Five “Naked & Afraid” castmates will don more than their birthday suits when they instruct Search and Rescue personnel on some basic survival skills this March, said Mikki Hastings, event coordinator of the ninth annual Arkansas Search and Rescue Conference. Four of the five previous castmates have been named: Matthew Garland, of Benton; Jessica Lee, of Indiana; Joe Ortlip of Philadelphia; and Sarah Bartell, of Portland, Oregon. Hastings couldn’t name the fifth special guest, as the episode featuring that person has yet to air.

Hosted annually by the Hollywood Fire Department, the Arkansas SAR Conference attracts between 75-120 search and rescue personnel from Arkansas, Texas, Oklahoma and Tennessee. The teams converge at Brushy Creek Campground, where for a weekend they have both a classroom setting and wooded area to practice operations.

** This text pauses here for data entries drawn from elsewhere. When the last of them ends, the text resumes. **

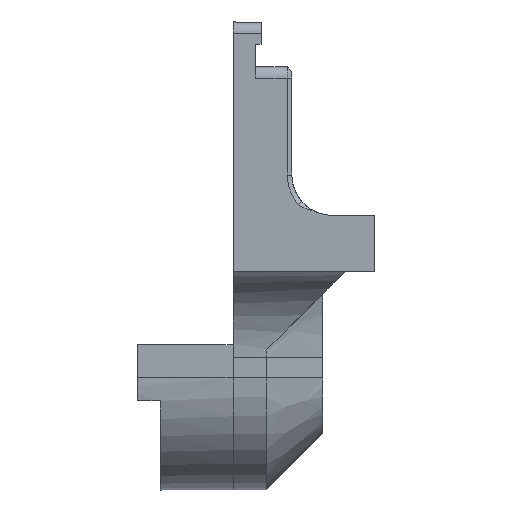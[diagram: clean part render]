
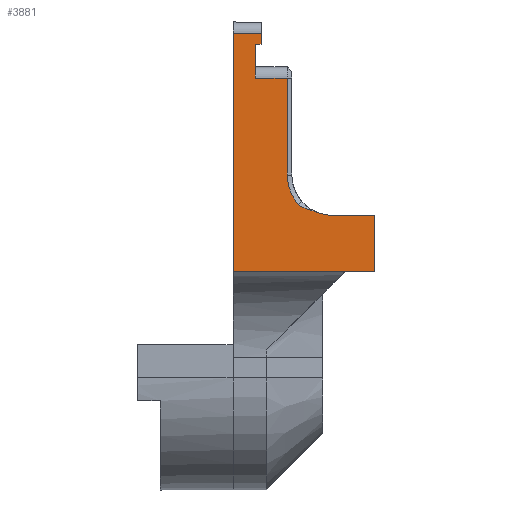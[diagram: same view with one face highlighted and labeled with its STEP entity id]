
A CAD part, front view. The second image highlights one B-rep face of the part: STEP entity #3881.
In plain terms, the highlighted face is planar.
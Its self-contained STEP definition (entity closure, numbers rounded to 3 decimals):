
#18=B_SPLINE_CURVE_WITH_KNOTS('',3,(#5958,#5959,#5960,#5961,#5962,#5963,
#5964,#5965,#5966,#5967),.UNSPECIFIED.,.F.,.F.,(4,2,2,2,4),(0.626,
0.628,0.646,0.66,0.672),
 .UNSPECIFIED.);
#114=PLANE('',#4173);
#267=FACE_OUTER_BOUND('',#502,.T.);
#502=EDGE_LOOP('',(#2863,#2864,#2865,#2866,#2867,#2868,#2869,#2870,#2871,
#2872,#2873,#2874,#2875,#2876,#2877));
#748=LINE('',#5815,#1177);
#749=LINE('',#5820,#1178);
#765=LINE('',#5852,#1194);
#769=LINE('',#5861,#1198);
#793=LINE('',#5950,#1222);
#794=LINE('',#5952,#1223);
#796=LINE('',#5971,#1225);
#797=LINE('',#5973,#1226);
#798=LINE('',#5975,#1227);
#799=LINE('',#5977,#1228);
#800=LINE('',#5979,#1229);
#801=LINE('',#5980,#1230);
#1177=VECTOR('',#4623,10.);
#1178=VECTOR('',#4628,10.);
#1194=VECTOR('',#4646,10.);
#1198=VECTOR('',#4652,10.);
#1222=VECTOR('',#4728,10.);
#1223=VECTOR('',#4731,10.);
#1225=VECTOR('',#4739,1000.);
#1226=VECTOR('',#4740,1000.);
#1227=VECTOR('',#4741,1000.);
#1228=VECTOR('',#4742,1000.);
#1229=VECTOR('',#4743,1000.);
#1230=VECTOR('',#4744,1000.);
#1604=CIRCLE('',#4174,3.6);
#1605=CIRCLE('',#4175,4.);
#1750=VERTEX_POINT('',#5812);
#1751=VERTEX_POINT('',#5814);
#1752=VERTEX_POINT('',#5818);
#1753=VERTEX_POINT('',#5819);
#1768=VERTEX_POINT('',#5851);
#1771=VERTEX_POINT('',#5859);
#1772=VERTEX_POINT('',#5860);
#1812=VERTEX_POINT('',#5955);
#1813=VERTEX_POINT('',#5957);
#1814=VERTEX_POINT('',#5968);
#1815=VERTEX_POINT('',#5970);
#1816=VERTEX_POINT('',#5972);
#1817=VERTEX_POINT('',#5974);
#1818=VERTEX_POINT('',#5976);
#1819=VERTEX_POINT('',#5978);
#2134=EDGE_CURVE('',#1750,#1751,#748,.T.);
#2136=EDGE_CURVE('',#1752,#1753,#749,.T.);
#2152=EDGE_CURVE('',#1753,#1768,#765,.T.);
#2156=EDGE_CURVE('',#1771,#1772,#769,.T.);
#2202=EDGE_CURVE('',#1768,#1750,#793,.T.);
#2203=EDGE_CURVE('',#1751,#1771,#794,.T.);
#2205=EDGE_CURVE('',#1752,#1812,#1604,.T.);
#2206=EDGE_CURVE('',#1813,#1812,#18,.T.);
#2207=EDGE_CURVE('',#1813,#1814,#1605,.T.);
#2208=EDGE_CURVE('',#1814,#1815,#796,.T.);
#2209=EDGE_CURVE('',#1815,#1816,#797,.T.);
#2210=EDGE_CURVE('',#1816,#1817,#798,.T.);
#2211=EDGE_CURVE('',#1818,#1817,#799,.T.);
#2212=EDGE_CURVE('',#1818,#1819,#800,.T.);
#2213=EDGE_CURVE('',#1819,#1772,#801,.T.);
#2863=ORIENTED_EDGE('',*,*,#2156,.F.);
#2864=ORIENTED_EDGE('',*,*,#2203,.F.);
#2865=ORIENTED_EDGE('',*,*,#2134,.F.);
#2866=ORIENTED_EDGE('',*,*,#2202,.F.);
#2867=ORIENTED_EDGE('',*,*,#2152,.F.);
#2868=ORIENTED_EDGE('',*,*,#2136,.F.);
#2869=ORIENTED_EDGE('',*,*,#2205,.T.);
#2870=ORIENTED_EDGE('',*,*,#2206,.F.);
#2871=ORIENTED_EDGE('',*,*,#2207,.T.);
#2872=ORIENTED_EDGE('',*,*,#2208,.T.);
#2873=ORIENTED_EDGE('',*,*,#2209,.T.);
#2874=ORIENTED_EDGE('',*,*,#2210,.T.);
#2875=ORIENTED_EDGE('',*,*,#2211,.F.);
#2876=ORIENTED_EDGE('',*,*,#2212,.T.);
#2877=ORIENTED_EDGE('',*,*,#2213,.T.);
#3881=ADVANCED_FACE('',(#267),#114,.T.);
#4173=AXIS2_PLACEMENT_3D('',#5954,#4733,#4734);
#4174=AXIS2_PLACEMENT_3D('',#5956,#4735,#4736);
#4175=AXIS2_PLACEMENT_3D('',#5969,#4737,#4738);
#4623=DIRECTION('',(-0.707,0.707,0.));
#4628=DIRECTION('',(1.,0.,0.));
#4646=DIRECTION('',(0.,1.,0.));
#4652=DIRECTION('',(0.,-1.,0.));
#4728=DIRECTION('',(-1.,0.,0.));
#4731=DIRECTION('',(-1.,0.,0.));
#4733=DIRECTION('center_axis',(0.,0.,
-1.));
#4734=DIRECTION('ref_axis',(-1.,0.,0.));
#4735=DIRECTION('center_axis',(0.,0.,
1.));
#4736=DIRECTION('ref_axis',(0.,1.,0.));
#4737=DIRECTION('center_axis',(0.,0.,
1.));
#4738=DIRECTION('ref_axis',(-1.,0.,0.));
#4739=DIRECTION('',(0.,-1.,0.));
#4740=DIRECTION('',(-1.,0.,0.));
#4741=DIRECTION('',(0.,-1.,0.));
#4742=DIRECTION('',(-1.,0.,0.));
#4743=DIRECTION('',(0.,-1.,0.));
#4744=DIRECTION('',(-1.,0.,0.));
#5812=CARTESIAN_POINT('',(636.5,-44.05,278.035));
#5814=CARTESIAN_POINT('',(636.494,-44.044,278.035));
#5815=CARTESIAN_POINT('',(640.331,-47.881,278.035));
#5818=CARTESIAN_POINT('',(635.35,-49.05,278.035));
#5819=CARTESIAN_POINT('',(639.1,-49.05,278.035));
#5820=CARTESIAN_POINT('',(629.649,-49.05,278.035));
#5851=CARTESIAN_POINT('',(639.1,-44.05,278.035));
#5852=CARTESIAN_POINT('',(639.1,-49.61,278.035));
#5859=CARTESIAN_POINT('',(626.5,-44.044,278.035));
#5860=CARTESIAN_POINT('',(626.5,-65.3,278.035));
#5861=CARTESIAN_POINT('',(626.5,-49.61,278.035));
#5950=CARTESIAN_POINT('',(632.8,-44.05,278.035));
#5952=CARTESIAN_POINT('',(632.6,-44.044,278.035));
#5954=CARTESIAN_POINT('Origin',(638.7,-59.175,278.035));
#5955=CARTESIAN_POINT('',(633.744,-49.428,278.035));
#5956=CARTESIAN_POINT('Origin',(635.35,-52.65,278.035));
#5957=CARTESIAN_POINT('',(632.31,-50.05,278.035));
#5958=CARTESIAN_POINT('Ctrl Pts',(632.31,-50.05,278.035));
#5959=CARTESIAN_POINT('Ctrl Pts',(632.319,-50.043,278.035));
#5960=CARTESIAN_POINT('Ctrl Pts',(632.341,-50.025,278.035));
#5961=CARTESIAN_POINT('Ctrl Pts',(632.53,-49.881,278.035));
#5962=CARTESIAN_POINT('Ctrl Pts',(632.729,-49.78,278.035));
#5963=CARTESIAN_POINT('Ctrl Pts',(633.059,-49.641,278.035));
#5964=CARTESIAN_POINT('Ctrl Pts',(633.207,-49.588,278.035));
#5965=CARTESIAN_POINT('Ctrl Pts',(633.482,-49.5,278.035));
#5966=CARTESIAN_POINT('Ctrl Pts',(633.613,-49.462,278.035));
#5967=CARTESIAN_POINT('Ctrl Pts',(633.744,-49.428,278.035));
#5968=CARTESIAN_POINT('',(631.35,-52.65,278.035));
#5969=CARTESIAN_POINT('Origin',(635.35,-52.65,278.035));
#5970=CARTESIAN_POINT('',(631.35,-61.3,278.035));
#5971=CARTESIAN_POINT('',(631.35,-61.3,278.035));
#5972=CARTESIAN_POINT('',(628.5,-61.3,278.035));
#5973=CARTESIAN_POINT('',(638.7,-61.3,278.035));
#5974=CARTESIAN_POINT('',(628.5,-64.3,278.035));
#5975=CARTESIAN_POINT('',(628.5,-59.175,278.035));
#5976=CARTESIAN_POINT('',(629.,-64.3,278.035));
#5977=CARTESIAN_POINT('',(628.5,-64.3,278.035));
#5978=CARTESIAN_POINT('',(629.,-65.3,278.035));
#5979=CARTESIAN_POINT('',(629.,-59.175,278.035));
#5980=CARTESIAN_POINT('',(626.5,-65.3,278.035));

“These guys have a different take than what we normally would in a classroom setting, because they’ve been out for 21 days, they’ve actually built fires when it was raining and found their own food. We kind of felt it would be a different perspective for our searchers.”

— Mikki Hastings, SAR Conference coordinator

The “Naked & Afraid” cast members will be teaching a variety of skills search and rescue teams need should they become separated and lost themselves while searching for a missing person. Participants will learn primitive shelter construction, fire craft, water purification techniques and also how to build primitive snares and fish hooks to capture food. “All of these things are components of search and rescue because, if for some reason they’re searching for someone overnight and get separated, they’ll be able to take care of themselves,” Hastings said.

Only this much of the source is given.